# Regression and Model Selection
By: Adrian Garcia <br>
UCSC: AM-170B

## Regression
1. Implement a linear regression algorithm using your implementation of gradient descent for the following objective/loss functions:
<br>
    a. Mean absolute error $\ell_{1}:E_{1}(f) = \sum_{k = 1}^{n}\lvert f(x_{k}) - y_{k}\lvert$,
<br>
    b.
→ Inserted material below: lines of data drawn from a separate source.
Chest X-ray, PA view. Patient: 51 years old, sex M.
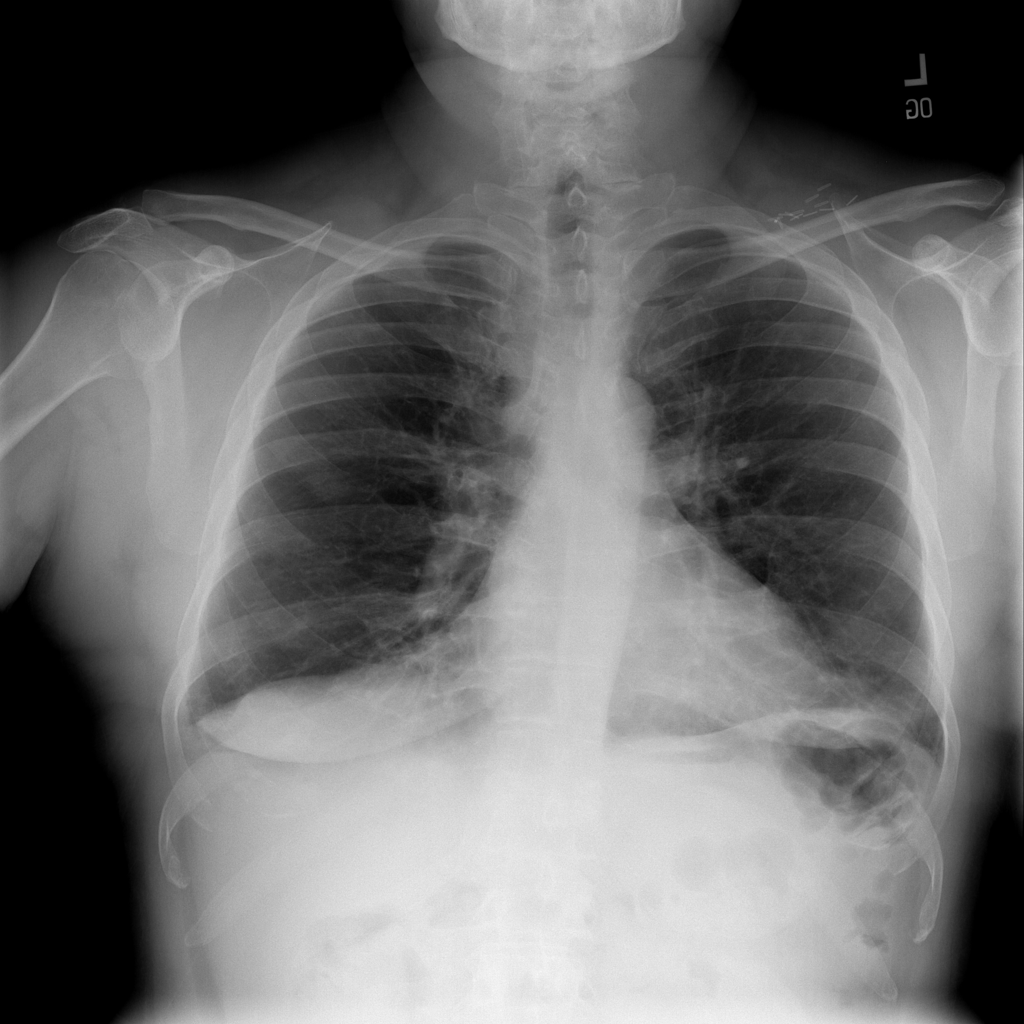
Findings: Atelectasis

Least squared error $\ell_{2}:E_{2}(f) = \left(\sum_{k = 1}^{n}\lvert f(x_{k}) - y_{k}\lvert\right)^{\frac{1}{2}}$,
<br>
where $f(x) = mx - b$.

### Implementing Gradient Descent
Let $\ell_{i}(m,b)$, where $i = 1,2$, be the function gradient descent is being applied to.
<br>
Start with an initial guess and a defined constant learning rate ($\delta$):
$$
m_{0} = \dots,\;b_{0} = \dots,\;\delta = \dots
$$
At each iteration:
$$
m_{k + 1} = m_{k} - \delta\cdot\frac{\partial \ell_{i}}{\partial m} \\
b_{k + 1} = b_{k} - \delta\cdot\frac{\partial \ell_{i}}{\partial b}
$$

### Solution Road Map
1. Create **two** linear regression functions that:
<br>
(a) Uses the specified loss function for gradient descent.
<br>
(b) Takes in inputs: ($x$, $y$, $m_0$, $b_0$, $\delta$, epochs).
<br>
(b) Produces outputs: ($m$, $b$, error).
2. Load in data into our main program, isolate desired data, and **split data into training/testing sets**.
3. Train algorithm(s) with specified arguements and plot desired results.
<br>
<font color='red'>NOTE</font>: epochs -> # of iterations training data is passed through an algorithm.

### Solution Pseudo Code
```python
def algorithm_i(x, y, m, b, L, epochs = 1000):
    # Initialize error array
    for i in range(epochs):
        # Define model: y_pred = mx - b
        # Calculate the partial derivative of the loss function w.r.t m (dldm)
        # Calculate the partial derivative of the loss function w.r.t b (dldb)
        m = m - L * dldm # Update m
        b = b - L * dldb # Update b
        err[i] = sum(abs(y_pred - y)) !!!or!!! sum(abs(y_pred - y))**(1/2) # Calculate error
    return m, b, err # Return calculated coefficients and error (array)
```

### Caveats
1. Too small of a learning rate -> takes too long to reach a minimum.
2. Too large of a learning rate -> drastic updates/divergent behavior
3. Gradient descent does **not** guarentee that the minimum you are reaching is the **global** minimum.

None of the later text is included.